Non-alcoholic fatty liver disease (NAFLD) is a substantial cause of comorbidity in people with HIV and there are no proven pharmacological treatments for the disease in this population. We assessed the effects of tesamorelin on liver fat and histology in people with HIV and NAFLD.

METHODS:

This randomised, double-blind, multicentre study with identical placebo as a comparator was done in a hospital and a medical research centre in the USA. People with HIV infection and a hepatic fat fraction (HFF) of 5% or more by proton magnetic resonance spectroscopy were eligible. Participants were randomly assigned (1:1) to receive either tesamorelin 2 mg once daily or placebo once daily for 12 months, followed by a 6-month open-label phase during which all participants received tesamorelin 2 mg daily. The randomisation list was prepared by the study statistician using a permuted block algorithm within each stratum with randomly varying block sizes. The primary endpoint was change in HFF between baseline and 12 months. The primary safety endpoint was glucose. Analysis was by intention to treat using all available data. This trial is registered with ClinicalTrials.gov, number NCT02196831.

FINDINGS:

61 patients were enrolled between Aug 20, 2015, and Jan 16, 2019, of whom 30 received tesamorelin and 30 received placebo. Patients receiving tesamorelin had a greater reduction of HFF than did patients receiving placebo, with an absolute effect size of -4·1% (95% CI -7·6 to -0·7, p=0·018), corresponding to a -37% (95% CI -67 to -7, p=0·016) relative reduction from baseline. After 12 months, 35% of individuals receiving tesamorelin and 4% receiving placebo had a HFF of less than 5% (p=0·0069).
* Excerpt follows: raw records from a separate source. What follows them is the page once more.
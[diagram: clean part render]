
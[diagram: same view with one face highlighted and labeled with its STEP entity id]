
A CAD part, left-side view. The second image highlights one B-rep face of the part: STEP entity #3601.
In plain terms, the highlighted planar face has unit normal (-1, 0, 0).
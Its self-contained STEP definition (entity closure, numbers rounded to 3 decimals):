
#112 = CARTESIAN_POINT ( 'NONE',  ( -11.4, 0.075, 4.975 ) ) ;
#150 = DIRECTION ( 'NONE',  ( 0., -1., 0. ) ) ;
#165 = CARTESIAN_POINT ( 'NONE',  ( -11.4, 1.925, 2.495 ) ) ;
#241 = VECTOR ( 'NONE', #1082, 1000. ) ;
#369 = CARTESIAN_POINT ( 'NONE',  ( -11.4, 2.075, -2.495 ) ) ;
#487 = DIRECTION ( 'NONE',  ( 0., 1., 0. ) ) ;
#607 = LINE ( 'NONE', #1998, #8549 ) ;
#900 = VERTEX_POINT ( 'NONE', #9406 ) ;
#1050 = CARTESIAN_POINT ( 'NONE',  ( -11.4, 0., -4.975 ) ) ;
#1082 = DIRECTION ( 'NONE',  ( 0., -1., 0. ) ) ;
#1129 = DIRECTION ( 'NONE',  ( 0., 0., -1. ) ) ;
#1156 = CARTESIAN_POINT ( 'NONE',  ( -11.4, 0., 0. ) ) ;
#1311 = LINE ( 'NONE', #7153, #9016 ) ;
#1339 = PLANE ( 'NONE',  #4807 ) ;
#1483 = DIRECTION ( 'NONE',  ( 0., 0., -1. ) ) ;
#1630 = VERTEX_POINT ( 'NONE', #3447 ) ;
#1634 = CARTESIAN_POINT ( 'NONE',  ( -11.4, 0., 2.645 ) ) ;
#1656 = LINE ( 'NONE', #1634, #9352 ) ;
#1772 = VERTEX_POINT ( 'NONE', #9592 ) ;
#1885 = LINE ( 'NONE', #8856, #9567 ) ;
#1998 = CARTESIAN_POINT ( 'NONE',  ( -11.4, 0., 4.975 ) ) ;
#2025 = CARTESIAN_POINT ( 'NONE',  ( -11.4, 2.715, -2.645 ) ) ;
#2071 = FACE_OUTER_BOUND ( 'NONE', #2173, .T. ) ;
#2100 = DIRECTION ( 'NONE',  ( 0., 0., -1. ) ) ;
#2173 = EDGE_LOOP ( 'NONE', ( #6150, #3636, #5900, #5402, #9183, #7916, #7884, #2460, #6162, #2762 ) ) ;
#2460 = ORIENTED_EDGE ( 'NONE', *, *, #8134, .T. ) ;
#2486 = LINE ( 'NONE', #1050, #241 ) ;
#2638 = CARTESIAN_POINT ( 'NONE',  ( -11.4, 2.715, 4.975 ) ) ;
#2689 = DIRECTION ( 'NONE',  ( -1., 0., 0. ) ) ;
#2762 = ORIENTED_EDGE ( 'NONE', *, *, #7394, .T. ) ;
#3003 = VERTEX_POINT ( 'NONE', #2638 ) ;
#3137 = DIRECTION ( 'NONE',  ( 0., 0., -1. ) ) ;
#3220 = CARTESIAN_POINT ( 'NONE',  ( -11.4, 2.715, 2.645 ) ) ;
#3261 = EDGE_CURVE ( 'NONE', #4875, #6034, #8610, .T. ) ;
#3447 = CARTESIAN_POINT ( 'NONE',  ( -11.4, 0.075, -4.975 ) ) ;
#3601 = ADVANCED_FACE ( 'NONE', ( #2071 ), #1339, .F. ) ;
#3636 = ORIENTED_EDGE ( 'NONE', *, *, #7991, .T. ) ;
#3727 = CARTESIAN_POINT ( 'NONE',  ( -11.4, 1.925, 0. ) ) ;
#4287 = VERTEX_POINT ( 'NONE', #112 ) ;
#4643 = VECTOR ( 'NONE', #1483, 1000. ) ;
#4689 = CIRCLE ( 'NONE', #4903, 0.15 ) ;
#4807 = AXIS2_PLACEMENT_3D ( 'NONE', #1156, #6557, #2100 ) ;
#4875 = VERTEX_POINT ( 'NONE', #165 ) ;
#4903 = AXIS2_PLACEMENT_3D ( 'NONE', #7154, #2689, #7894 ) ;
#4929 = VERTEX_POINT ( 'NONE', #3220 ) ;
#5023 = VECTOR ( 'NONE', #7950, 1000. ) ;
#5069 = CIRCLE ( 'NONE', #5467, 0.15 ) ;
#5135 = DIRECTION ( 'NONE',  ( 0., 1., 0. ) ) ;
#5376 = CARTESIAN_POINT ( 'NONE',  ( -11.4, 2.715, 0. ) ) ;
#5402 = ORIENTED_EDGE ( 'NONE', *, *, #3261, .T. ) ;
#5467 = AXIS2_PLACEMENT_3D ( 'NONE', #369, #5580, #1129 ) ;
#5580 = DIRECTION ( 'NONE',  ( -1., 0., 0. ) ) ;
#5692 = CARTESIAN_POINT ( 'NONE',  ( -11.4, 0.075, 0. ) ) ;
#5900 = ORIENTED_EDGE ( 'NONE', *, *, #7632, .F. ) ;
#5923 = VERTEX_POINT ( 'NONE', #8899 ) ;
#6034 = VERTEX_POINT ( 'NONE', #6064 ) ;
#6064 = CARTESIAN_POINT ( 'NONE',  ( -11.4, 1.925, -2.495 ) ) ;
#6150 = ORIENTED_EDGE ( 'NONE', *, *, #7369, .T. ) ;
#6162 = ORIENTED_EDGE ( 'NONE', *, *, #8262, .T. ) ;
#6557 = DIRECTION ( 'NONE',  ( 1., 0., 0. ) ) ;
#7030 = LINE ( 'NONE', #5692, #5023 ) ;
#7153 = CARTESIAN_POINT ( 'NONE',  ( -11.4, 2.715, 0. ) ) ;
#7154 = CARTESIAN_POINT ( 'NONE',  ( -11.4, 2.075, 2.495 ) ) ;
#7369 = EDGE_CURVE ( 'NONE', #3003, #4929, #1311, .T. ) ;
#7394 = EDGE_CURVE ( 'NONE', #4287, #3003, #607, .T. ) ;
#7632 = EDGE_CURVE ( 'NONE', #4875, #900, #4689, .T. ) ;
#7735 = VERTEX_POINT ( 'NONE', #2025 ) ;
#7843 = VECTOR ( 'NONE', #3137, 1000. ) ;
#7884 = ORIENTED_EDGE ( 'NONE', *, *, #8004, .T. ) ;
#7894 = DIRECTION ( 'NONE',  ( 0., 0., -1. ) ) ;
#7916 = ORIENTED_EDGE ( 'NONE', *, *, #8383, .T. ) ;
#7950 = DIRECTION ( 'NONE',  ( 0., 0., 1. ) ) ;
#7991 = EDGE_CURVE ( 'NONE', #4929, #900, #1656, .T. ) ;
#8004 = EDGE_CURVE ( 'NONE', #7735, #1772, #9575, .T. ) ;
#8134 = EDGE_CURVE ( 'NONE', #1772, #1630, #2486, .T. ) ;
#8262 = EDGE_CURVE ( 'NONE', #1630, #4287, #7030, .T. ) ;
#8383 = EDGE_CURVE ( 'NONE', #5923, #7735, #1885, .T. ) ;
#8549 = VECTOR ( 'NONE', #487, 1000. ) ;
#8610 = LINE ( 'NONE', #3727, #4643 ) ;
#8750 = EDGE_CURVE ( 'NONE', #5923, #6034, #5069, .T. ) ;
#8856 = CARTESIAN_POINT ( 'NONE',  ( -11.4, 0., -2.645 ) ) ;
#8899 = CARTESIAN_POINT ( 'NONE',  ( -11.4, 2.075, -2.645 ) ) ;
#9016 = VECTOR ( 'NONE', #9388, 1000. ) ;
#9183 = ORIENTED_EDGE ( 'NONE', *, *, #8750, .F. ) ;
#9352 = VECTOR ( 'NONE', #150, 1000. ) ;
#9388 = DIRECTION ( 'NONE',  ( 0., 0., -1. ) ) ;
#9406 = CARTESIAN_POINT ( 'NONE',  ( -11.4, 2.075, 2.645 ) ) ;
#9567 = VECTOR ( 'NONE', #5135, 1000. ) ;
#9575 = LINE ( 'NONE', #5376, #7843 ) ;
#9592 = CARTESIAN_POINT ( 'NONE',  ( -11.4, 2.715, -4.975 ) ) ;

Changes in fasting glucose and glycated haemoglobin were not different between groups at 12 months. Individuals in the tesamorelin group experienced more localised injection site complaints than those in the placebo group, though none were judged to be serious.

INTERPRETATION:

Tesamorelin might be beneficial in people with HIV and NAFLD. Further studies are needed to determine the long-term effects of tesamorelin on liver histology.

FUNDING:

National Institutes of Health and National Institute of Allergy and Infectious Diseases.